Extras: On board is a featurette, the Making of L'Atalante (20:56), with Columbia University professor Annette Insdorf (who also recently lent commentary and appeared in the featurettes in Kieslowski's Three Colors, as well as Truffaut's Day for Night featurette) and film historian Bernard Eisenschitz. This is generally an amiable affair; the two discuss (separately) various aspects of the film, Vigo, and the actors, etc., but its tone is more celebratory than revelatory. They do, however, add some context to the film itself and its overall history.
Also included is a Stills Gallery, Poster Gallery, and Vigo Filmography.

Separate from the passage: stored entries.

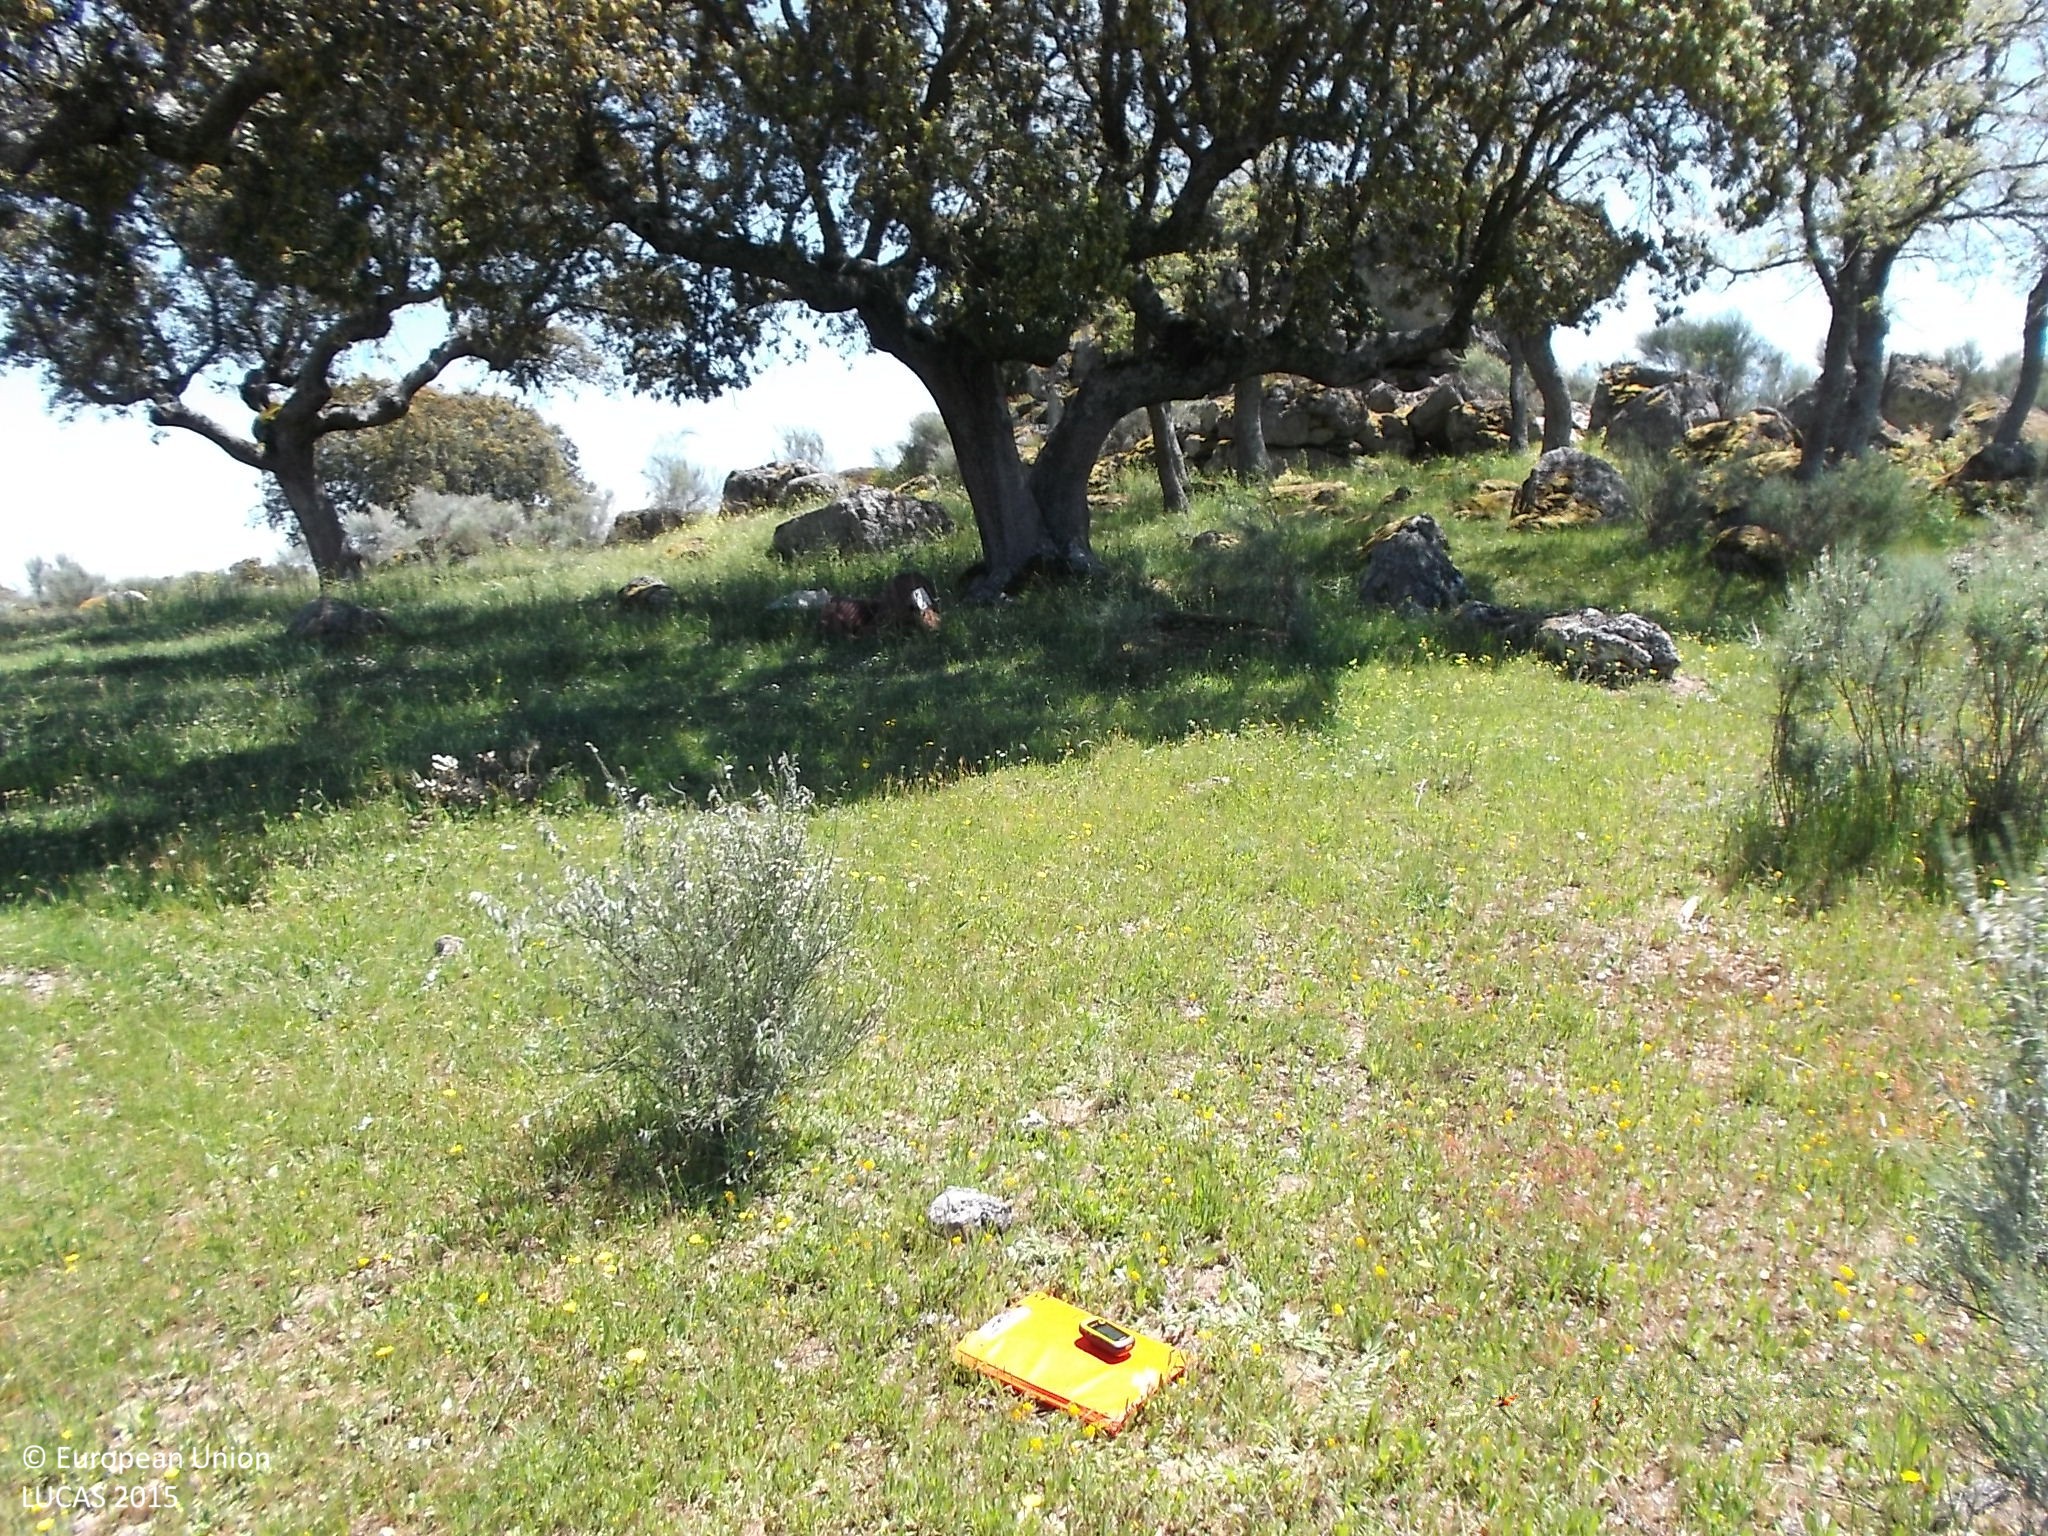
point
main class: Woodland
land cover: Broadleaved woodland
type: broadleaved evergreen forest
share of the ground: 10 - 25 %
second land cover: Grassland without tree/shrub cover
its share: > 75 %
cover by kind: herbaceous plants 70 %, broadleaved forest trees 20 %, shrubs 10 %
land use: Forestry
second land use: Agriculture (excluding fallow land and kitchen gardens)
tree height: > 5 m
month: May
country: ES
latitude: 40.9091
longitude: -6.2464
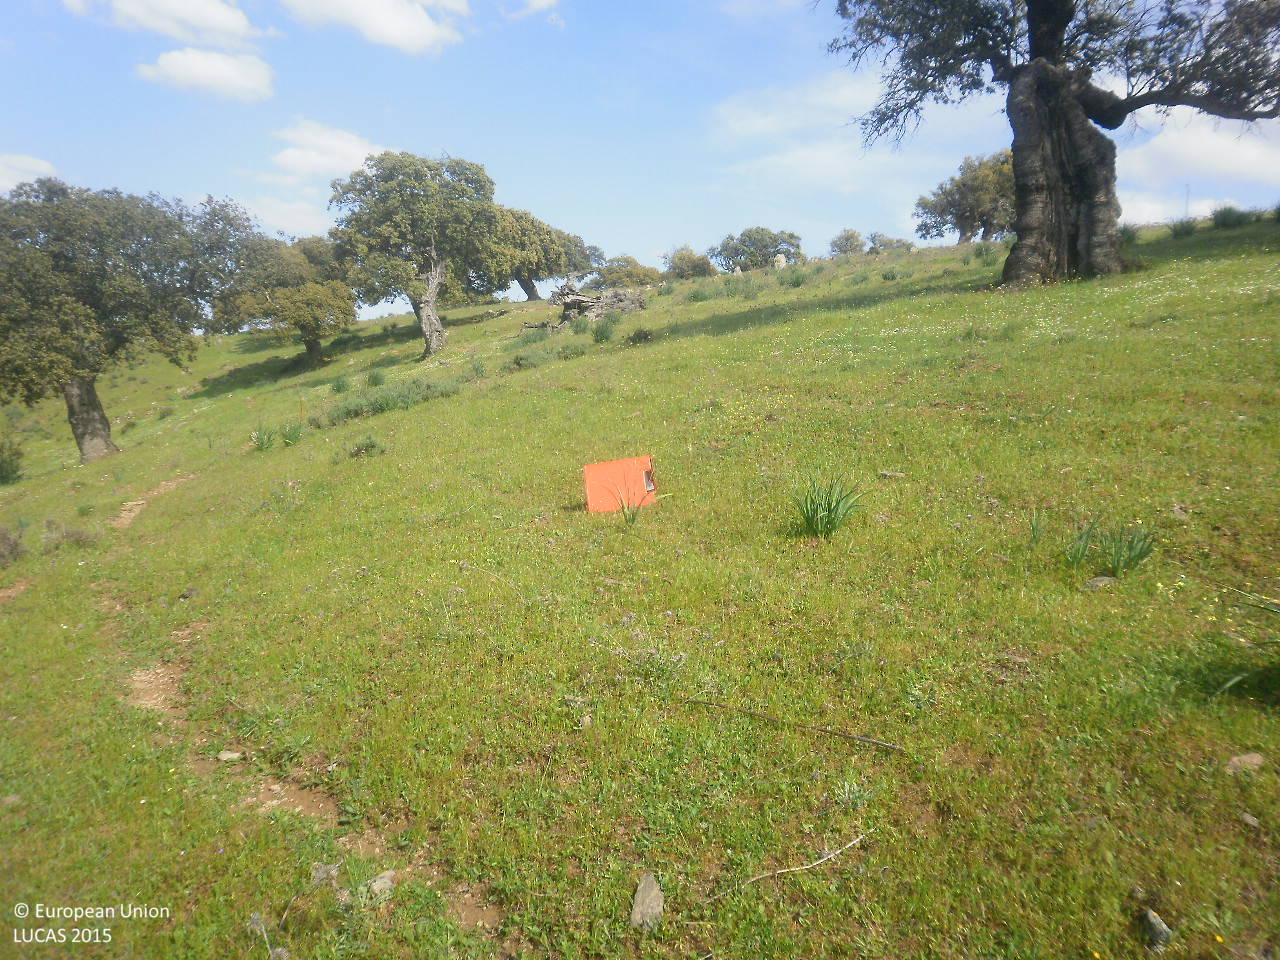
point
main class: Grassland
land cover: Grassland with sparse tree/shrub cover
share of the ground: > 75 %
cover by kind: herbaceous plants 85 %, shrubs 10 %, broadleaved forest trees 5 %
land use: Agriculture (excluding fallow land and kitchen gardens)
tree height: > 5 m
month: April
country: ES
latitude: 38.9876
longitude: -5.1733
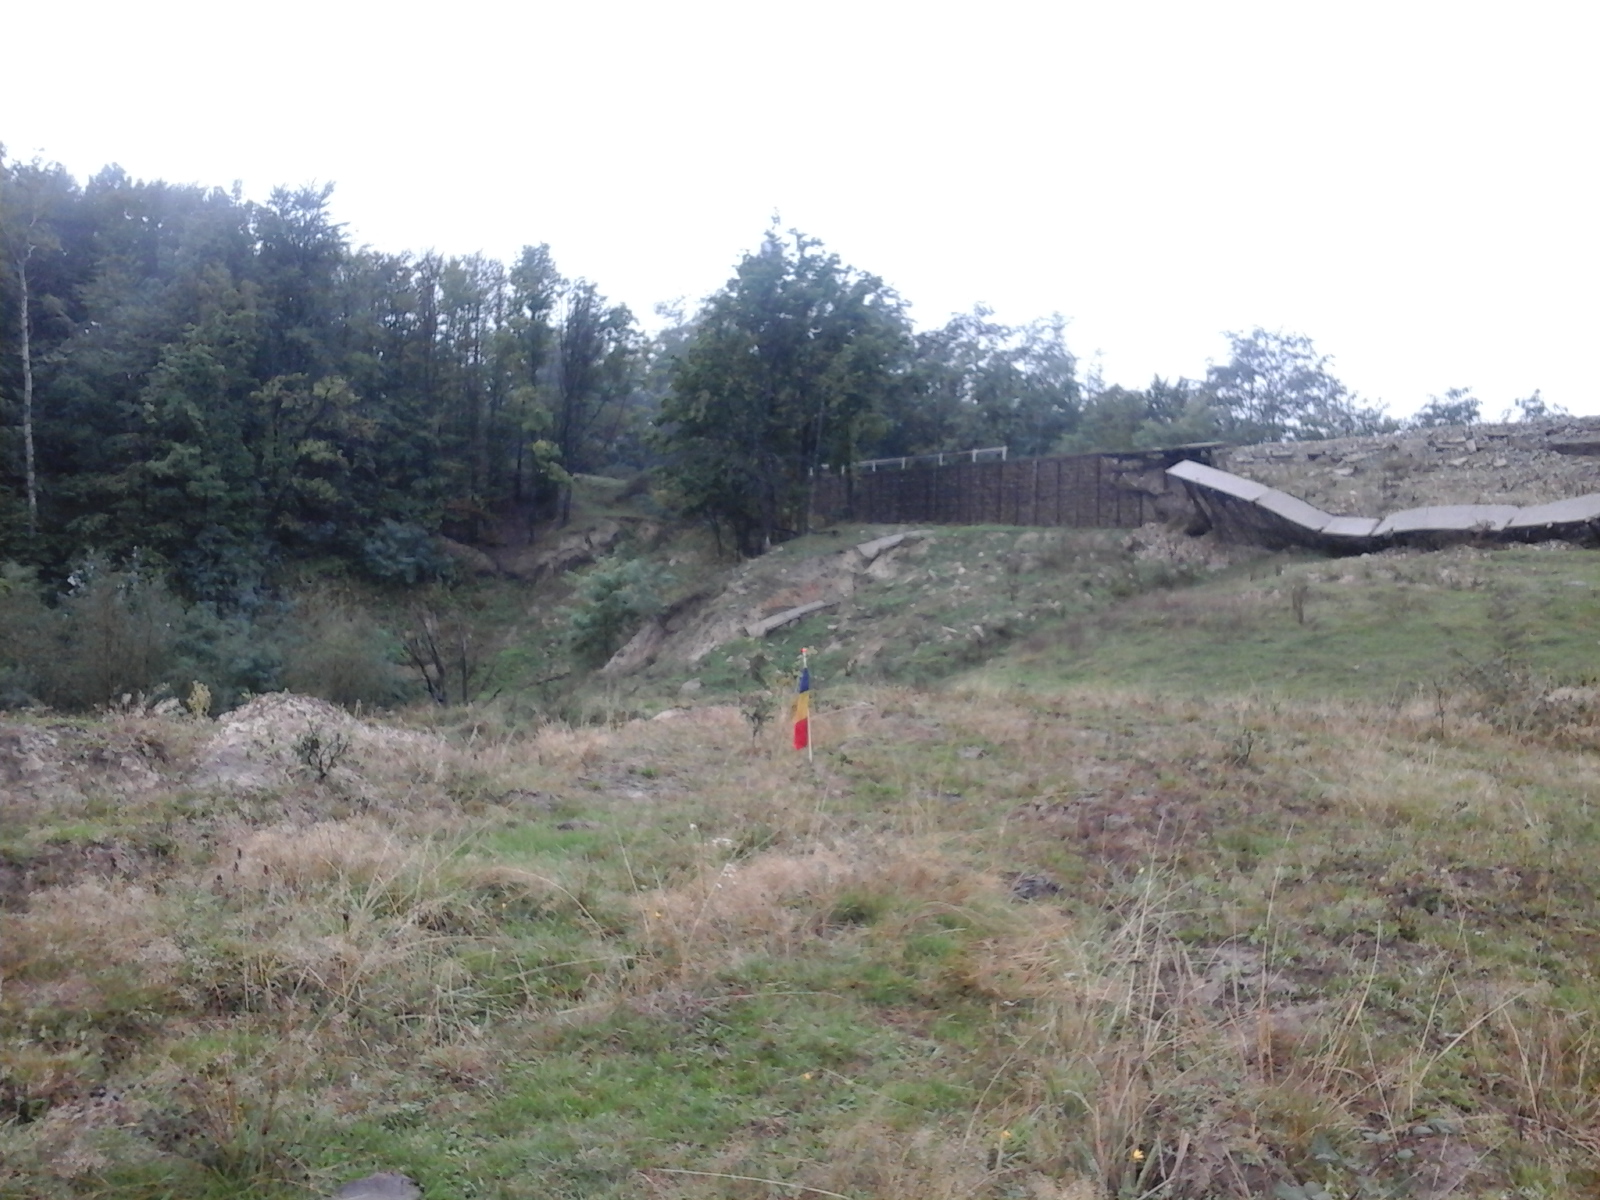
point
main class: Grassland
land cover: Spontaneously vegetated surfaces
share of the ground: > 75 %
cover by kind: herbaceous plants 100 %
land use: Fallow land
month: September
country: RO
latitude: 44.9839
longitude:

Final Thoughts: One can only speculate as to whether or not this will be the "definitive" version of L'Atalante on DVD. I certainly hope it is not – although it belongs in any cineaste's home library, the touted "Collectors Edition" omissions will undoubtedly have some film buffs crying foul. (If New Yorker had either the rights or the inclination – or both, as I remain unsure – they could have added the excised scenes as an extra, or perhaps even included the other versions of the film in their entirety; for a film noted for past omissions and mutilations, it only stands to reason.) Moreover, since such extensive work has been done of late, a commentary or documentary by an involved party would have been obviously welcome. Accordingly, completists will have no choice but to hold onto the 1991 New Yorker release to see the aforementioned footage.
However, the print used is certainly the best representation of L'Atalante that I have ever witnessed, and the loving care utilized in the restoration(s) is obvious. Furthermore, for one of the world's truly great films, this is welcome news and an important release. With an air of slight disappointment and the above misgivings – and as it is – this edition still warrants DVD Talk Collector Series' status.